America said, Russia will get a response to bold antics

America said, Russia will get a response to bold antics
US Secretary of State Antony Blinken told the BBC that the US would respond to Russia's bold or aggressive antics.

Blinken said that the United States is focused on steps such as opposition leader Alexei Navellini, dealing with solar wind hacks and electoral interference.

"We would prefer a more stable and predictable relationship," he said.

Blinken was in Britain for the meeting of foreign ministers of the G7 countries.

The statement, released after two days of talks, criticized Russia for its "irresponsible and untenable behavior" against Ukraine and in the case of cyber attacks.

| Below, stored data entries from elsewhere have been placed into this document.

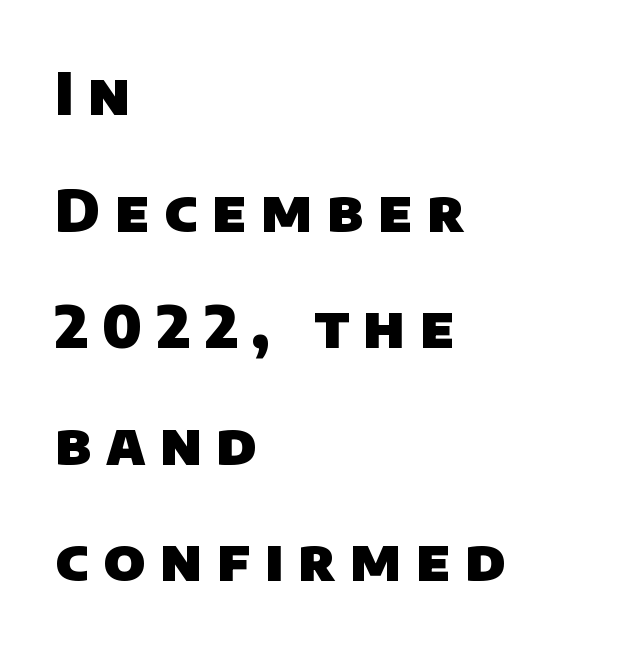
Q: Is the text bold? A: Yes.
Q: Is the typeface a serif or a sans-serif typeface? A: Sans-serif.
Q: Is the text underlined? A: No.
Q: How is the paragraph aligned? A: Left-aligned.
Q: Is the spacing between letters normal or unusually wide? A: Unusually wide.
Q: Is the spacing between lines tight, normal or loose? A: Loose.
Q: Width (condensed, normal, or wide)? A: Normal.
Q: Stroke contrast? A: Low.
Q: x-height? A: Large.
Q: Monospaced? A: No.

Earlier in February, US President Joe Biden said that he had made it clear to President Vladimir Putin that "the days are gone when the US did not oppose Russia's aggressive moves."

Former US President Donald Trump often appeared to refrain from criticizing the Russian leader.

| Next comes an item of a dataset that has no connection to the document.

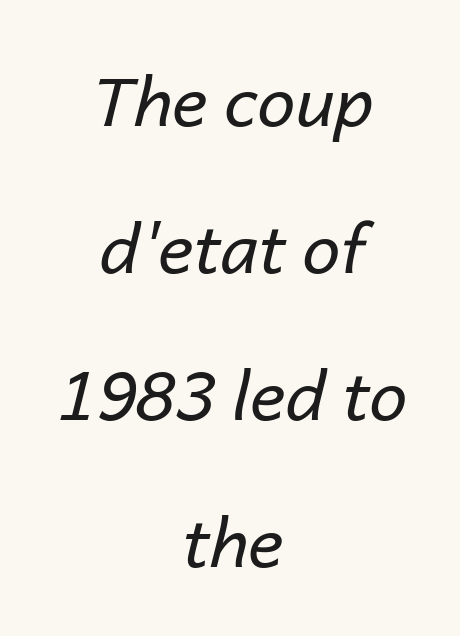
The image shows 68 px regular-weight type, italic (leaning right); set centered, loose line spacing (2.16x), normal letter spacing, not underlined; low stroke contrast and a medium x-height.
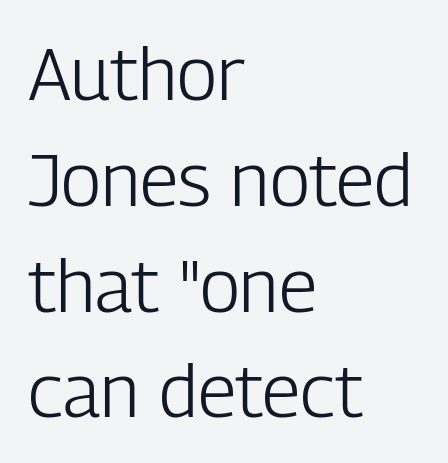
The image shows 74 px light, condensed sans-serif type, upright; set left-aligned, normal line spacing (1.43x), normal letter spacing, not underlined; low stroke contrast and a medium x-height.

Blinken said on BBC Radio 4's Today program that the Biden administration is not trying to stop China, but has claimed that the US is in favor of maintaining an international system based on rules.

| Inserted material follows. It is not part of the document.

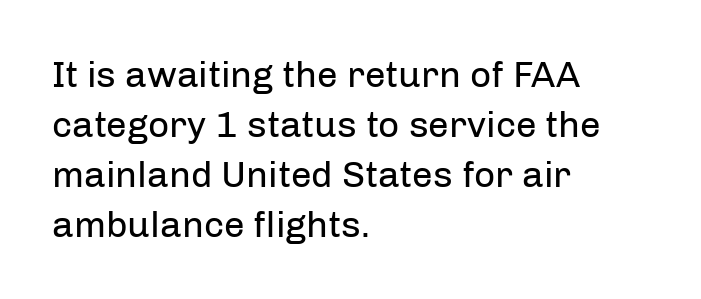
The image shows 37 px regular-weight sans-serif type, upright; set left-aligned, normal line spacing (1.35x), normal letter spacing, not underlined; low stroke contrast and a medium x-height.

He said that countries need to watch very carefully whether China is investing in its strategic capital.

Regarding Afghanistan, Blinken claimed that even after the withdrawal of the troops, the US would remain involved in the Afghanistan case.

The Biden administration had announced that US troops would leave Afghanistan altogether by September.

Blinken said that the regional powers would have to come forward and use their influence to try to take the country on a positive path.

When Blinken was asked about a possible trade treaty with Britain and the situation in Northern Ireland, he said that the administration's focus is still on peace in Ireland.

The Foreign Minister said that it is important for President Biden that "whatever is done, whatever we do, the benefit of the Good Friday Agreement must be sustained and we must take into account the political and economic welfare of Northern Ireland".

Joe Biden previously said that the 1998 Good Friday Agreement should not harm Brexit, effectively ending Northern Ireland's "problems".

Post-Brexit trade agreements for Northern Ireland caused tension there and because of this, First Minister Arlen Foster also resigned.